**DIRECTIONS**. Please print every record below exactly as written, leaving out the pictures.

**INPUT MATERIAL**.
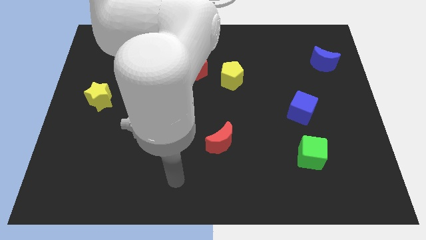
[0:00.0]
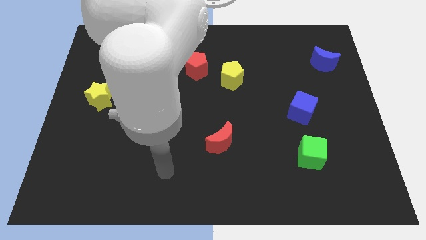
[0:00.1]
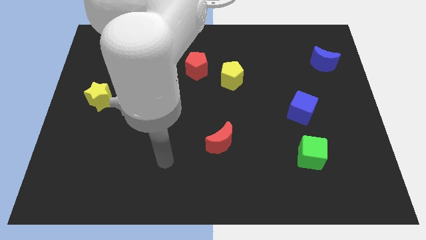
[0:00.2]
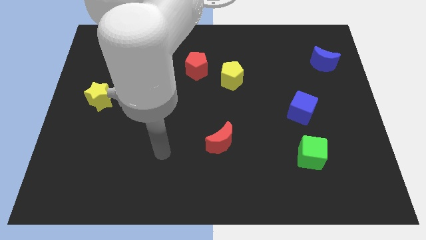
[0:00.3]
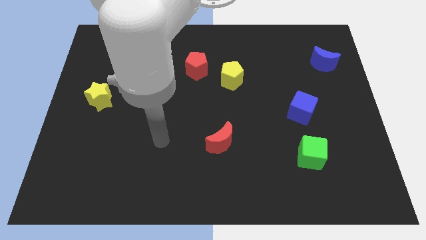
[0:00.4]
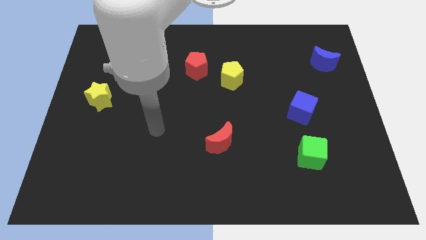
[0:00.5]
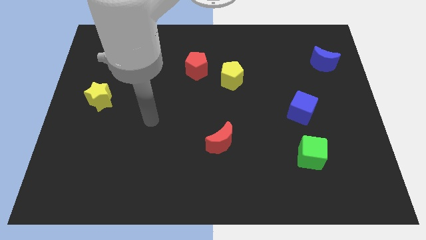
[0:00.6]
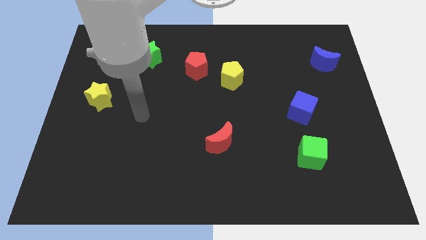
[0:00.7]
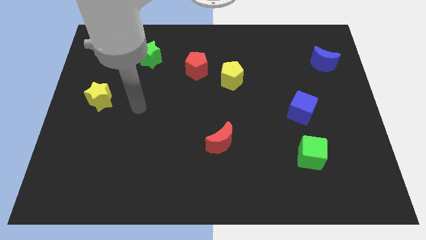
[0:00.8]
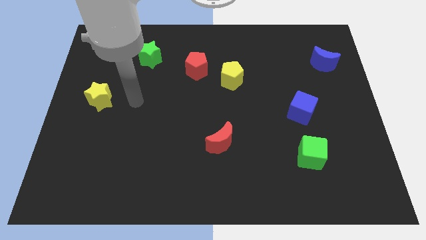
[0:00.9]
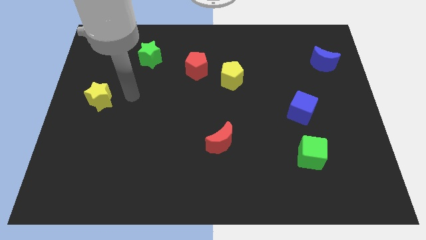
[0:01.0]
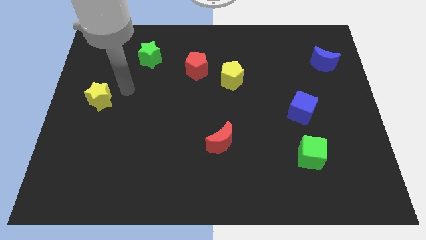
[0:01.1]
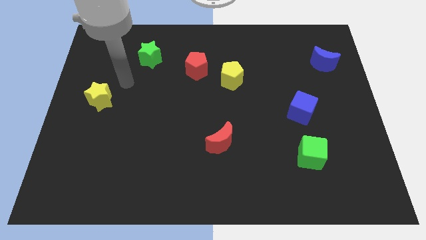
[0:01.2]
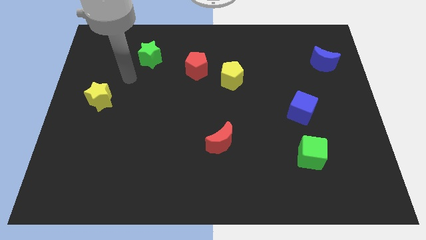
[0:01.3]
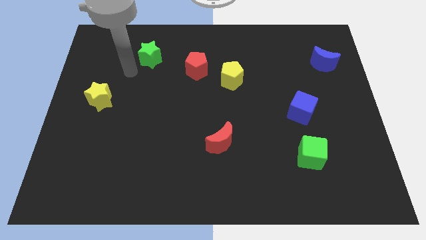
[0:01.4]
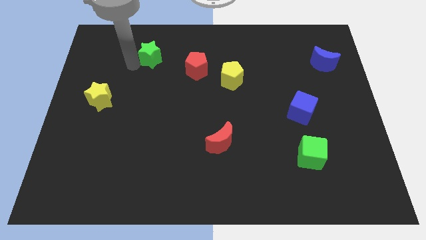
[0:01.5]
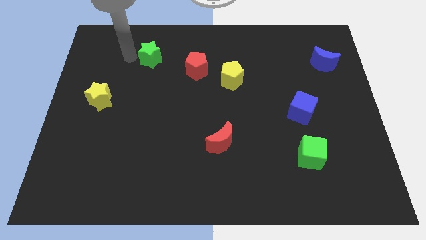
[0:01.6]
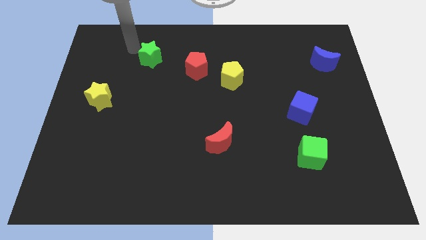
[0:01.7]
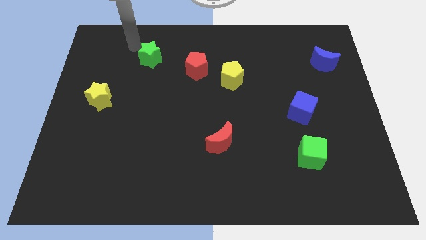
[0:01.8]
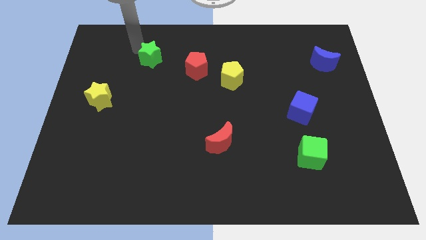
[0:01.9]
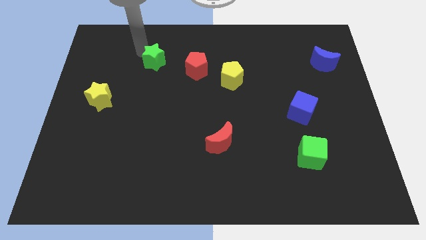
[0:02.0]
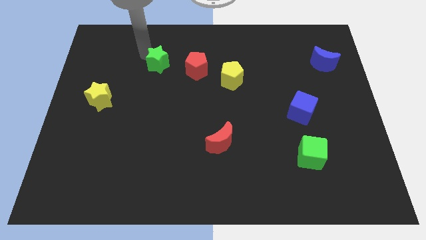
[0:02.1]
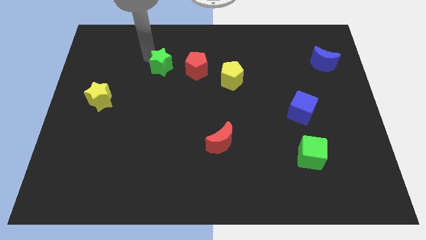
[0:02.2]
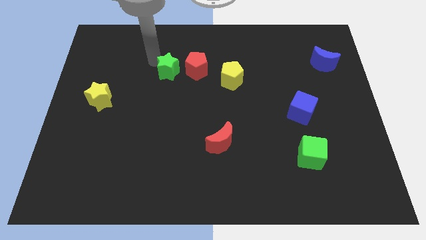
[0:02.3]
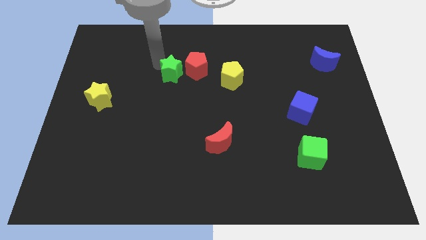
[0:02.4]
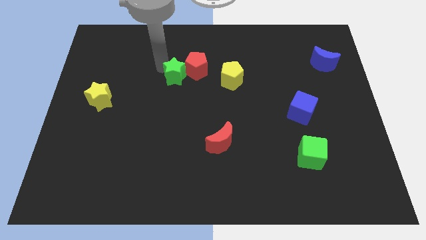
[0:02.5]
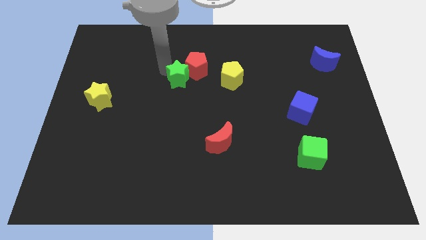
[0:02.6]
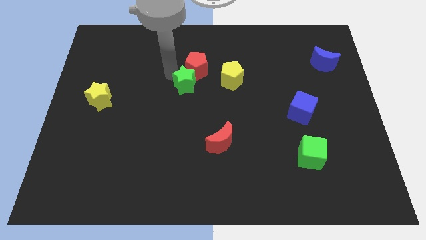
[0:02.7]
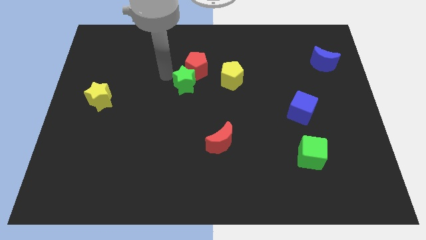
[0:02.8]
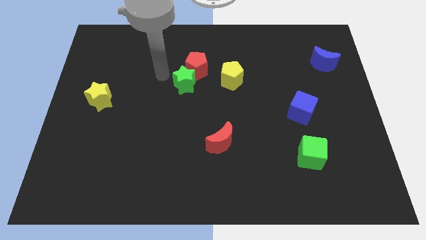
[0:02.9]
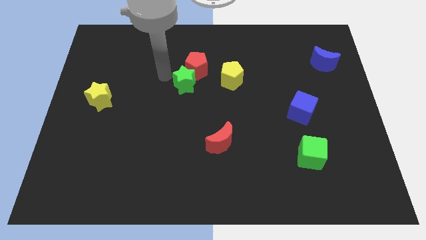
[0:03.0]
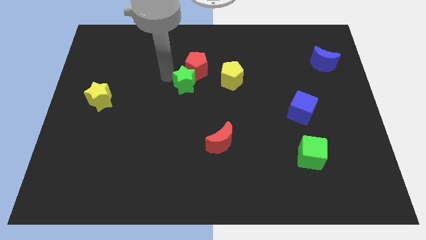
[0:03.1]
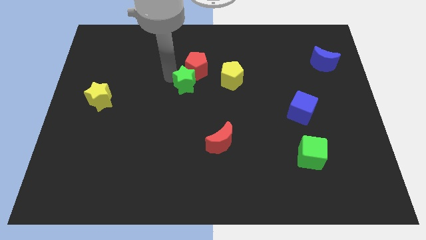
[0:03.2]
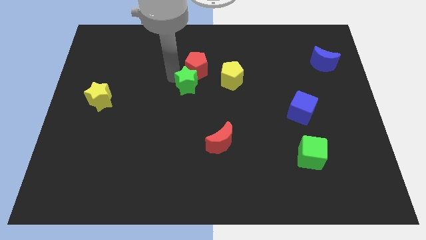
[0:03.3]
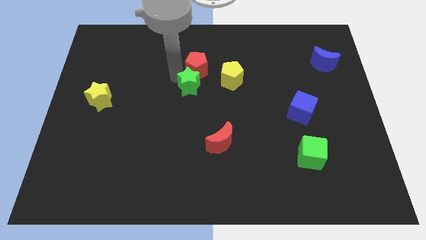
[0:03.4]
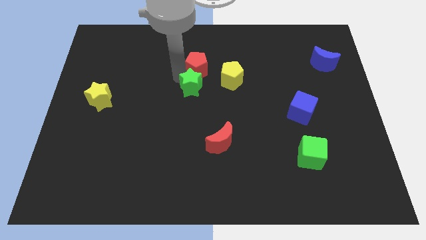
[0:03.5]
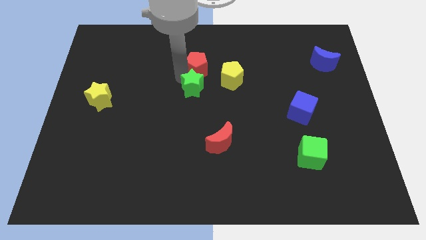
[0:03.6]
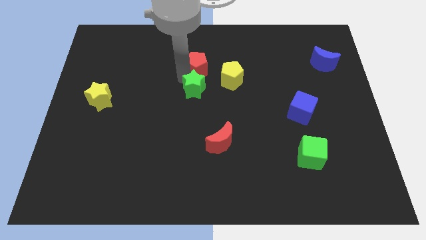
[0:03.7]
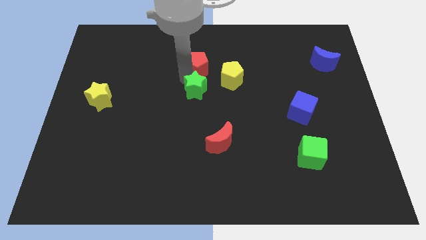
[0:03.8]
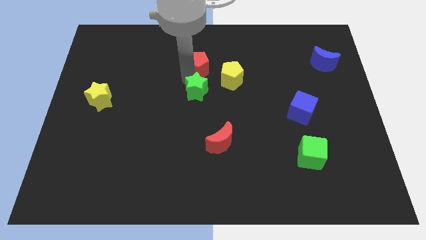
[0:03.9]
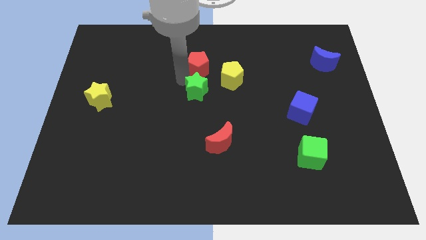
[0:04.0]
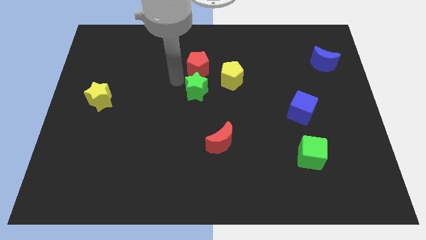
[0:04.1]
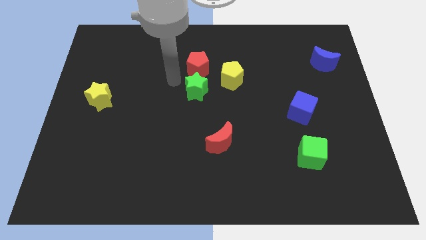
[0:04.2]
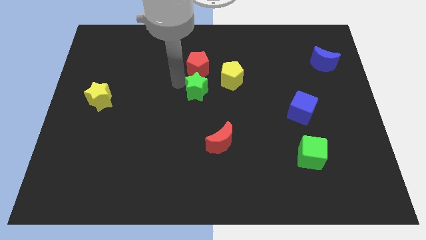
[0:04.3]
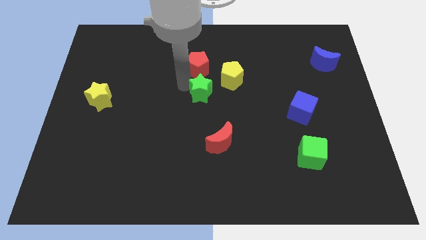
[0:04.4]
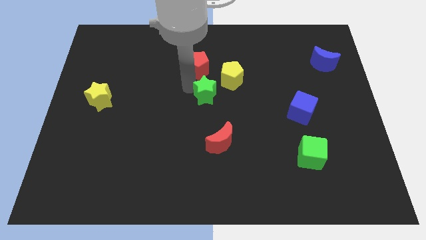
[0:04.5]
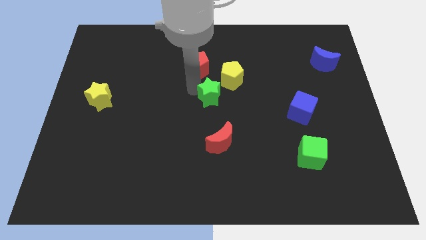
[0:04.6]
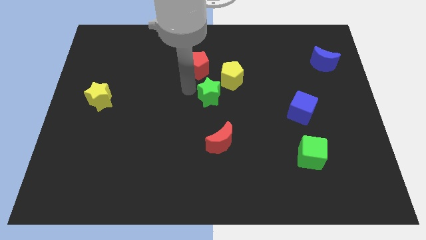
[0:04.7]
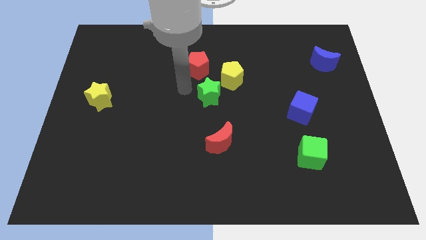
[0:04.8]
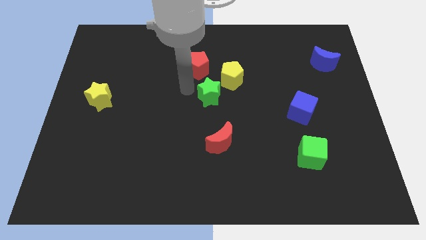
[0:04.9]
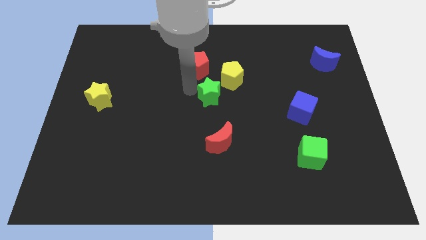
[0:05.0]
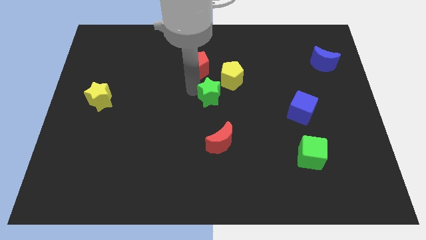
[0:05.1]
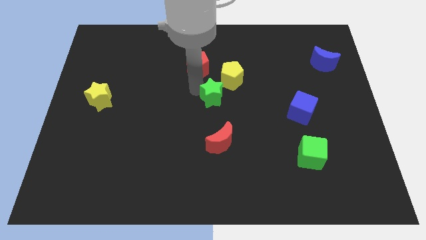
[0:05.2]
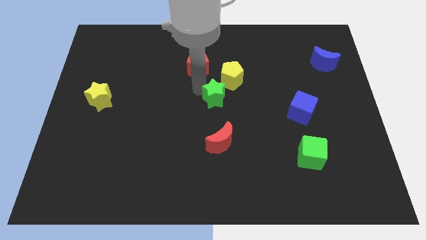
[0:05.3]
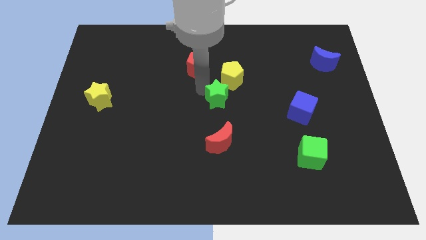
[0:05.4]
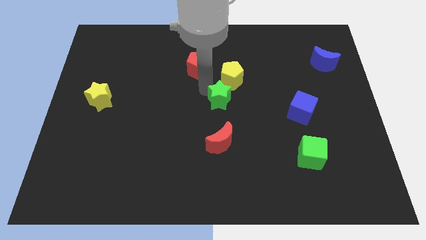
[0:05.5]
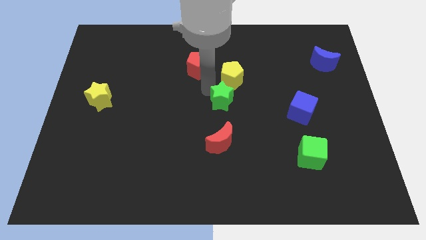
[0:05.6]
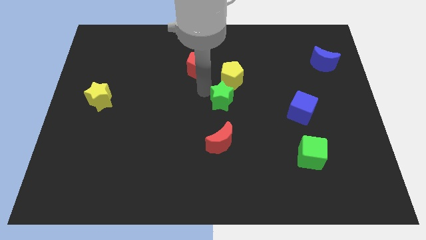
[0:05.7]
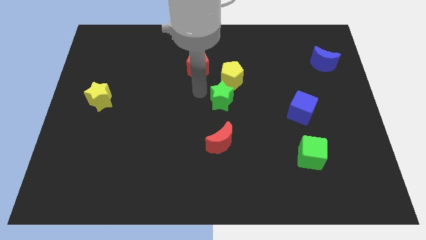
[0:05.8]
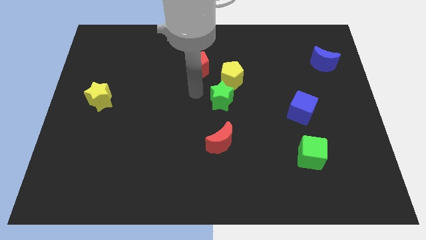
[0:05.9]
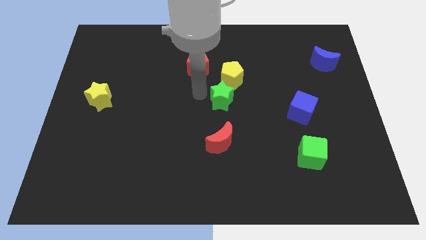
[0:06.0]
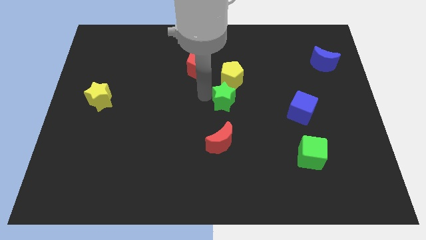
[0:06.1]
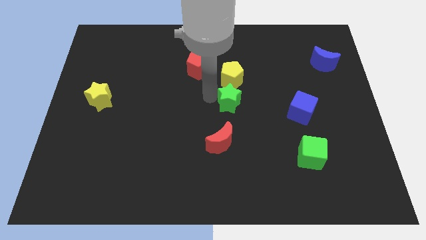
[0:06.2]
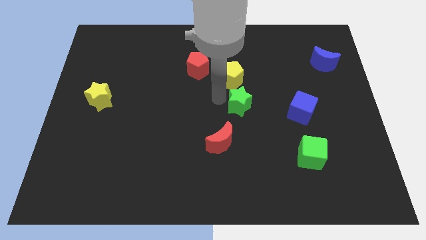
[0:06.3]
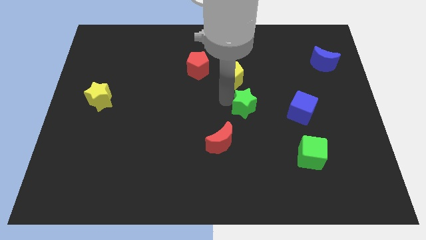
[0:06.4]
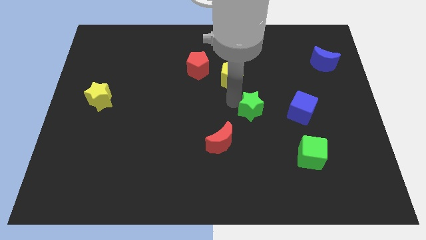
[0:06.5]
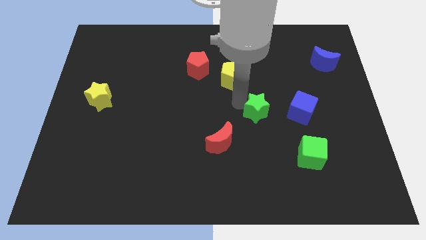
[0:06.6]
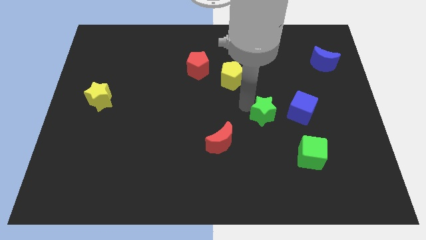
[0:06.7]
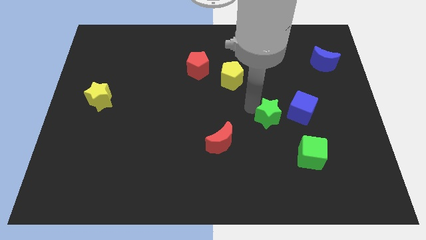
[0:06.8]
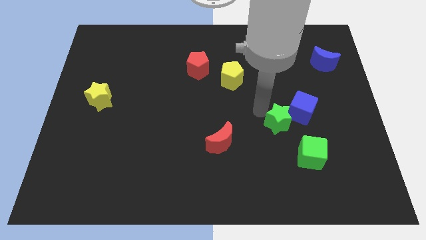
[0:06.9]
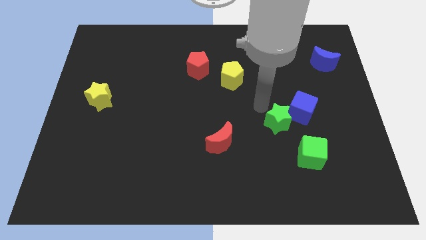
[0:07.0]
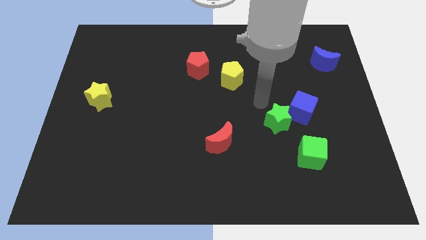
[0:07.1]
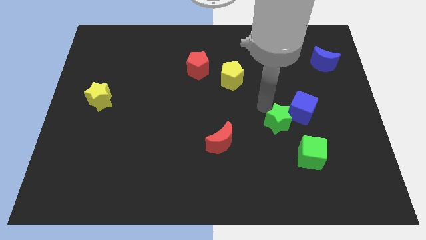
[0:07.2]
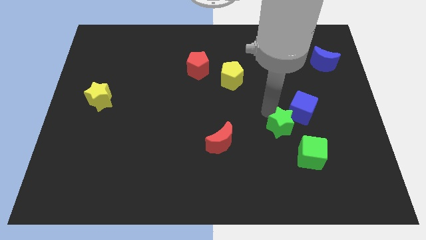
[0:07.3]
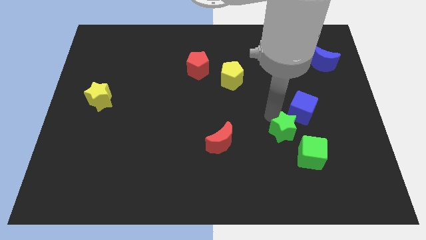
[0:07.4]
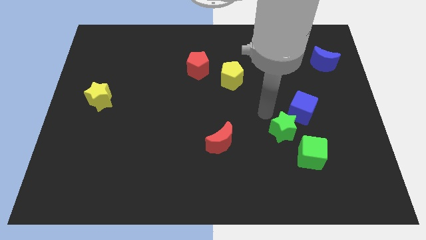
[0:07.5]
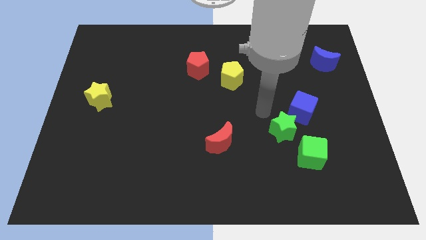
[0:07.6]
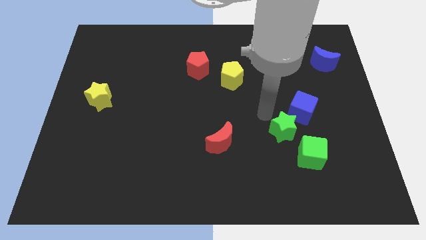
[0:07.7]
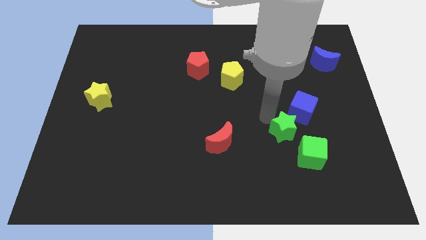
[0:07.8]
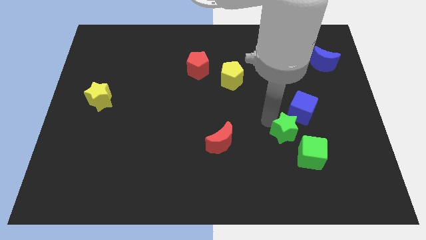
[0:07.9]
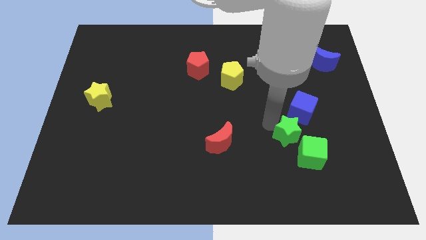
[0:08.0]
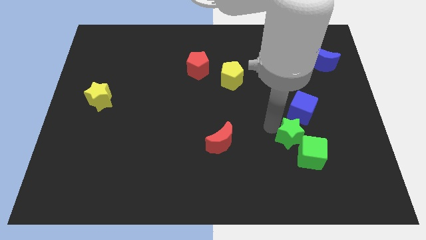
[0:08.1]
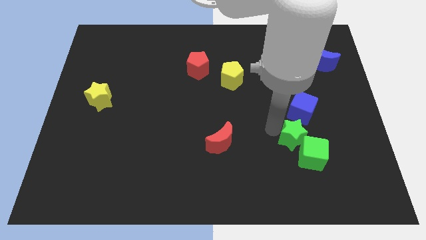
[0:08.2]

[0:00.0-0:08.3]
push the green star close to the green cube

**REPLY TO THE EXERCISE**.
[0:00.0]
[0:00.1]
[0:00.2]
[0:00.3]
[0:00.4]
[0:00.5]
[0:00.6]
[0:00.7]
[0:00.8]
[0:00.9]
[0:01.0]
[0:01.1]
[0:01.2]
[0:01.3]
[0:01.4]
[0:01.5]
[0:01.6]
[0:01.7]
[0:01.8]
[0:01.9]
[0:02.0]
[0:02.1]
[0:02.2]
[0:02.3]
[0:02.4]
[0:02.5]
[0:02.6]
[0:02.7]
[0:02.8]
[0:02.9]
[0:03.0]
[0:03.1]
[0:03.2]
[0:03.3]
[0:03.4]
[0:03.5]
[0:03.6]
[0:03.7]
[0:03.8]
[0:03.9]
[0:04.0]
[0:04.1]
[0:04.2]
[0:04.3]
[0:04.4]
[0:04.5]
[0:04.6]
[0:04.7]
[0:04.8]
[0:04.9]
[0:05.0]
[0:05.1]
[0:05.2]
[0:05.3]
[0:05.4]
[0:05.5]
[0:05.6]
[0:05.7]
[0:05.8]
[0:05.9]
[0:06.0]
[0:06.1]
[0:06.2]
[0:06.3]
[0:06.4]
[0:06.5]
[0:06.6]
[0:06.7]
[0:06.8]
[0:06.9]
[0:07.0]
[0:07.1]
[0:07.2]
[0:07.3]
[0:07.4]
[0:07.5]
[0:07.6]
[0:07.7]
[0:07.8]
[0:07.9]
[0:08.0]
[0:08.1]
[0:08.2]

[0:00.0-0:08.3]
push the green star close to the green cube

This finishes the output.